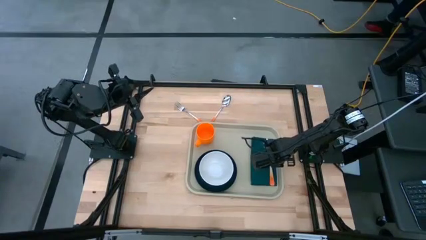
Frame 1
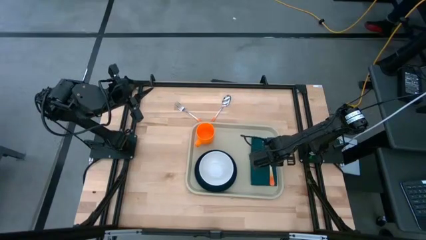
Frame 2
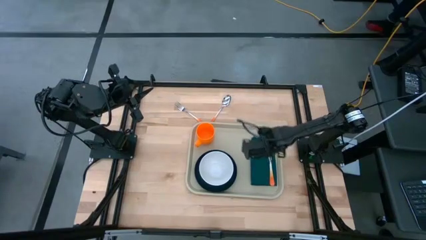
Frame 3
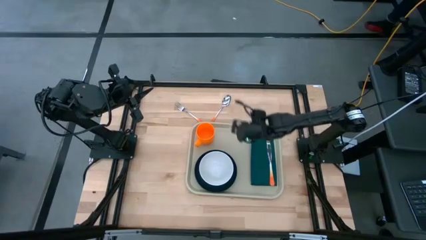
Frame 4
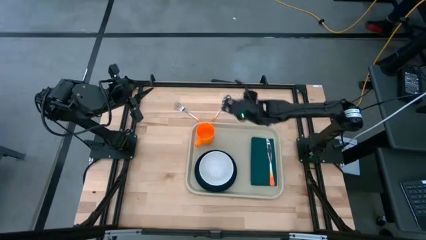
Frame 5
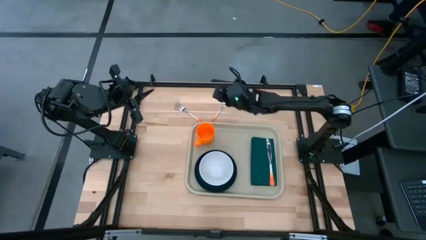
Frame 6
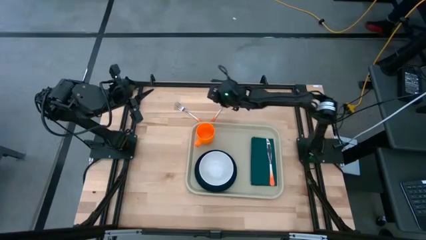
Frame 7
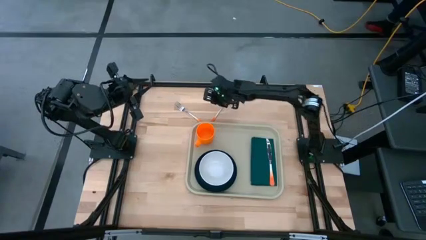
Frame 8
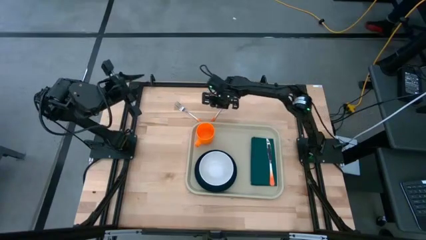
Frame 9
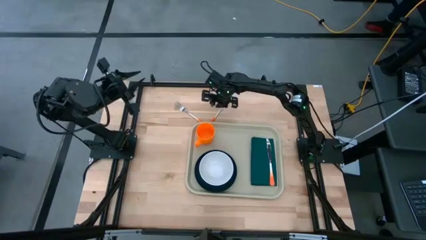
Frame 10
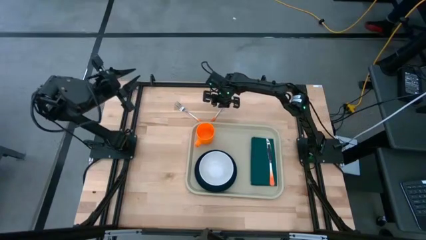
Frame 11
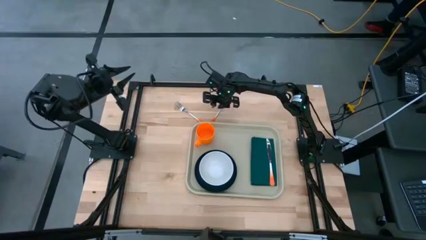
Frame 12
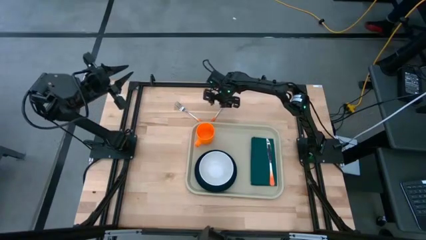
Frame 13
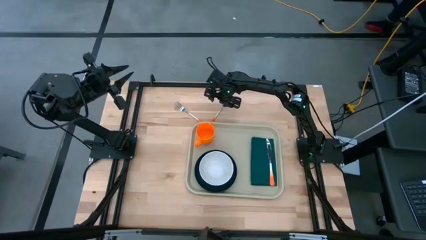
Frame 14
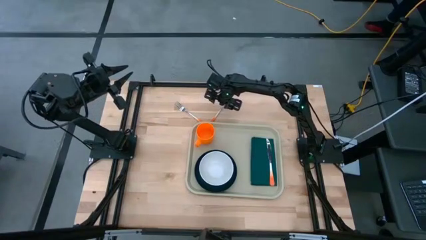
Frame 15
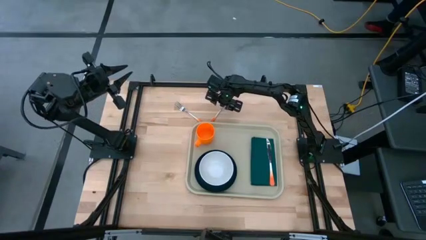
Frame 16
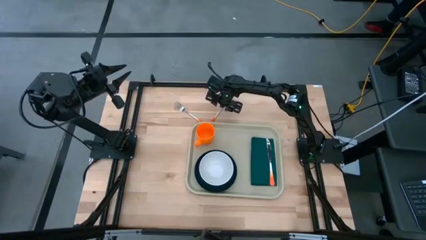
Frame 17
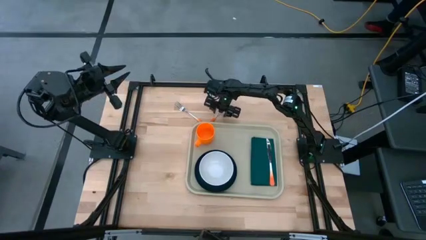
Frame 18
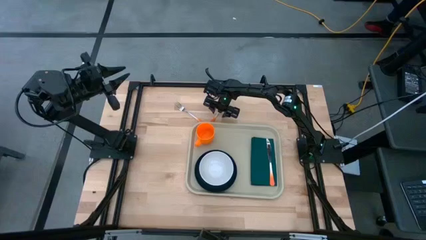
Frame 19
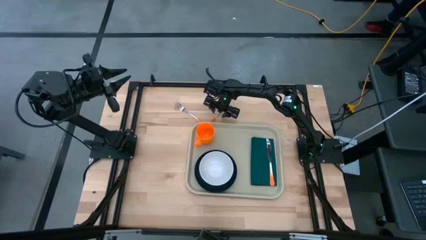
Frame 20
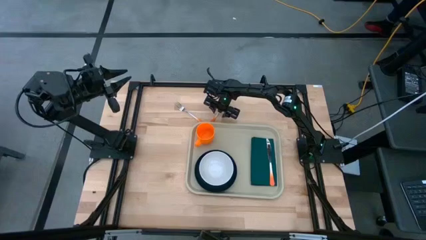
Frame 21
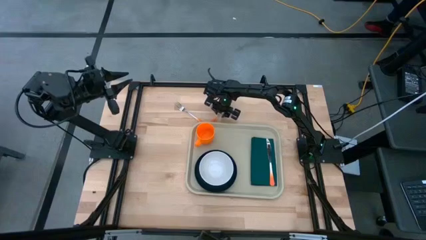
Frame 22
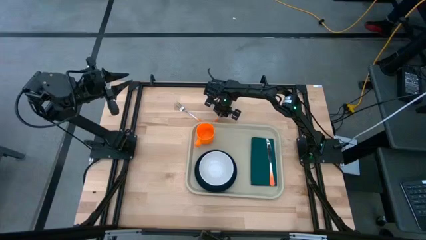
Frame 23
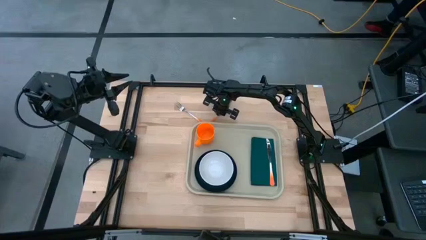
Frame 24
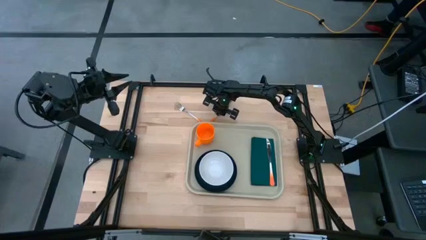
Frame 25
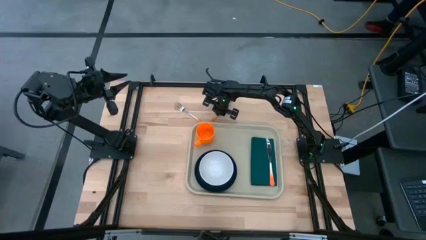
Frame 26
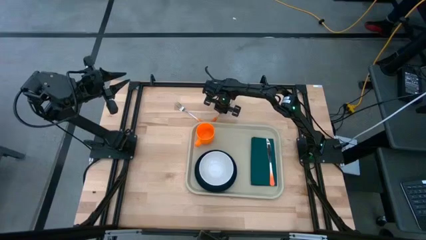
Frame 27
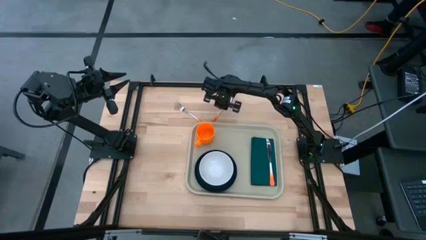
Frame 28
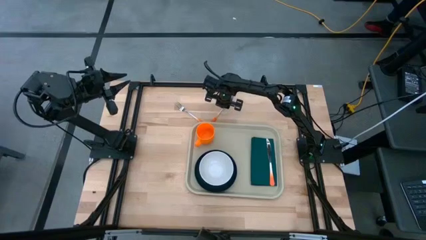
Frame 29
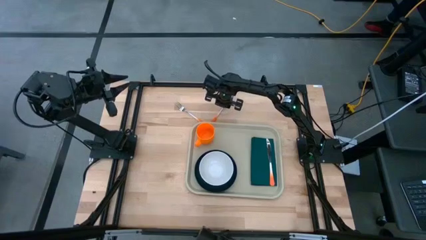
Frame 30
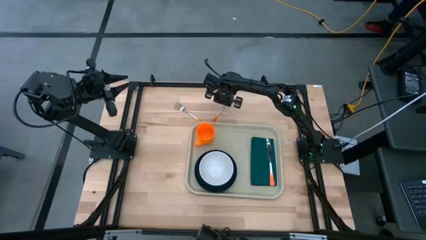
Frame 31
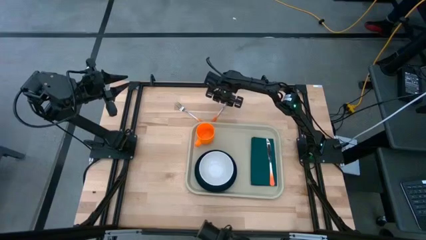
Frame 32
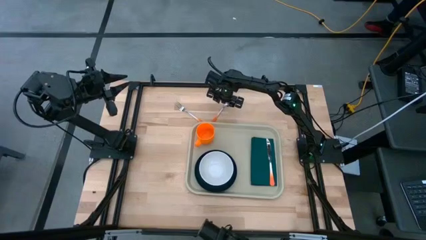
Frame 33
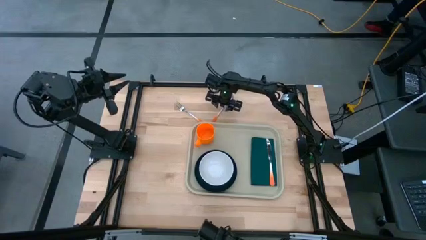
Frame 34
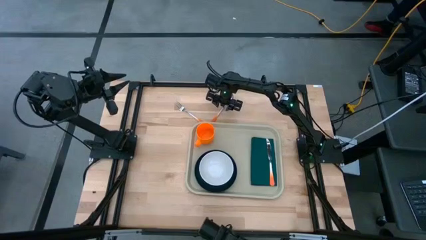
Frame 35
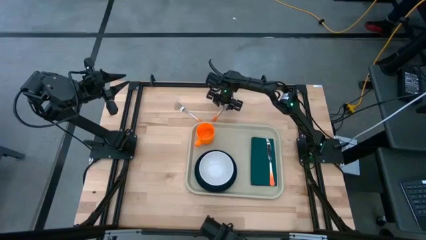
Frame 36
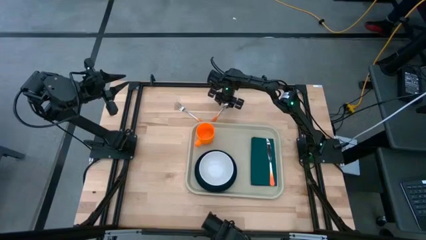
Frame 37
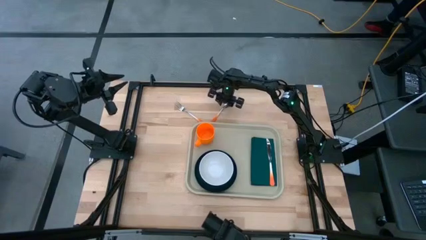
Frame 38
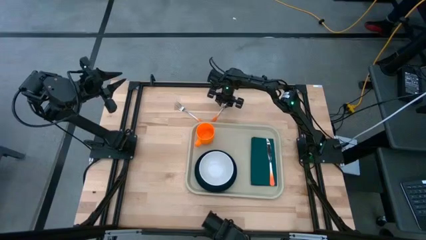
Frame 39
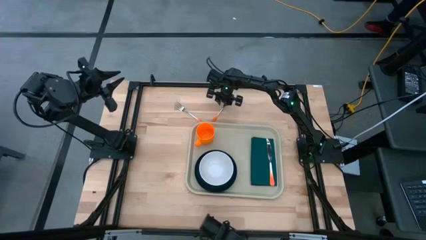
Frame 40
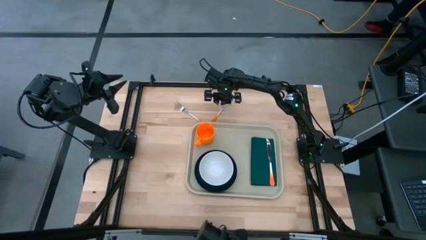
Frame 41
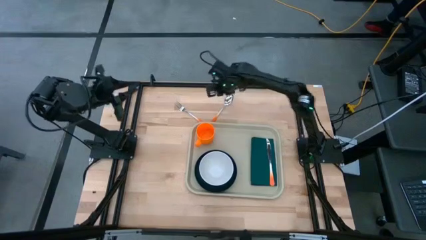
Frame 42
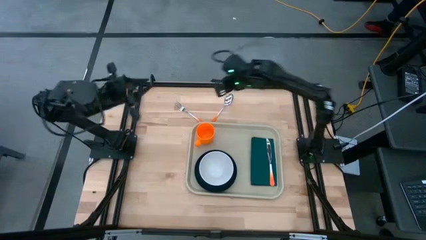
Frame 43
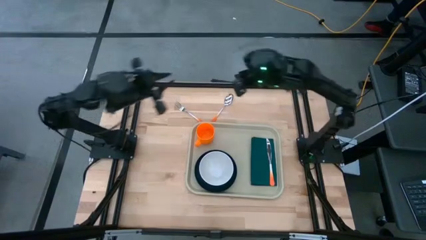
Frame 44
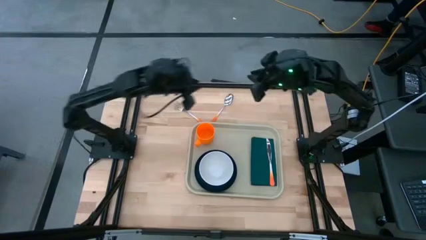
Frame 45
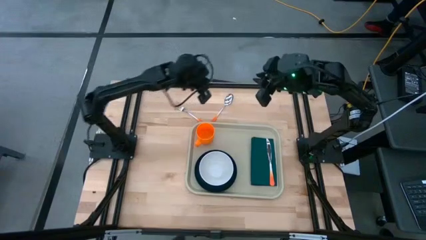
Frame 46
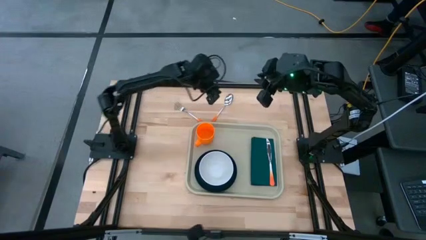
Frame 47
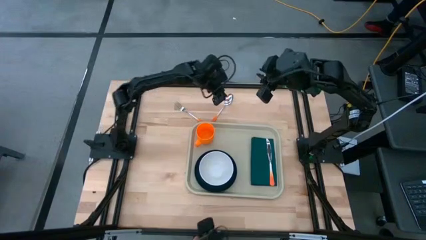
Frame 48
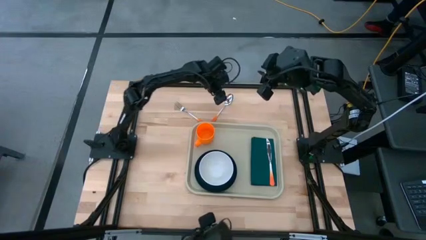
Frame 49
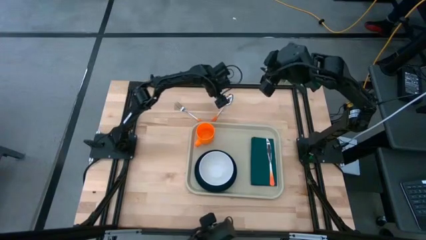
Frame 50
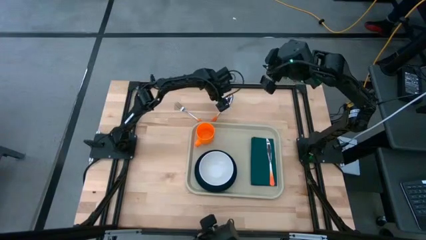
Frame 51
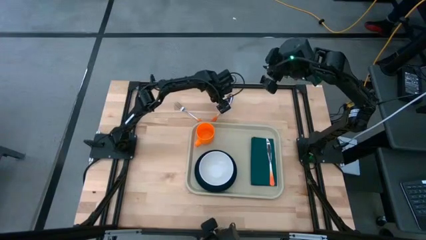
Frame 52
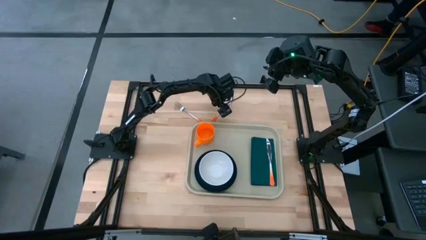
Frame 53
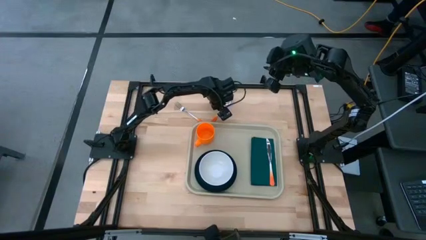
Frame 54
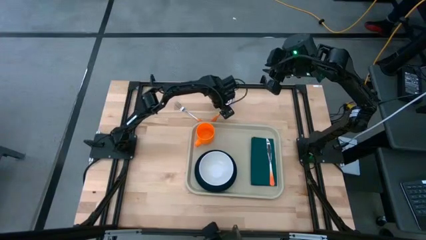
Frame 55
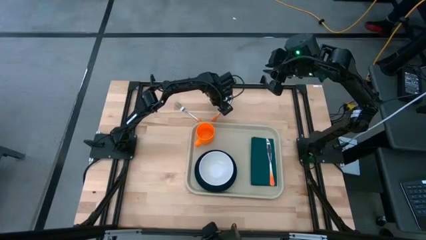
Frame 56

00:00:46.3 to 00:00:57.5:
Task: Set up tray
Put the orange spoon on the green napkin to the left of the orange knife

- - -

| Exercise |
Return the entries above in full and unchanged, omitting every image.

| Reply to the task |
Frame 1
Frame 2
Frame 3
Frame 4
Frame 5
Frame 6
Frame 7
Frame 8
Frame 9
Frame 10
Frame 11
Frame 12
Frame 13
Frame 14
Frame 15
Frame 16
Frame 17
Frame 18
Frame 19
Frame 20
Frame 21
Frame 22
Frame 23
Frame 24
Frame 25
Frame 26
Frame 27
Frame 28
Frame 29
Frame 30
Frame 31
Frame 32
Frame 33
Frame 34
Frame 35
Frame 36
Frame 37
Frame 38
Frame 39
Frame 40
Frame 41
Frame 42
Frame 43
Frame 44
Frame 45
Frame 46
Frame 47
Frame 48
Frame 49
Frame 50
Frame 51
Frame 52
Frame 53
Frame 54
Frame 55
Frame 56

00:00:46.3 to 00:00:57.5:
Task: Set up tray
Put the orange spoon on the green napkin to the left of the orange knife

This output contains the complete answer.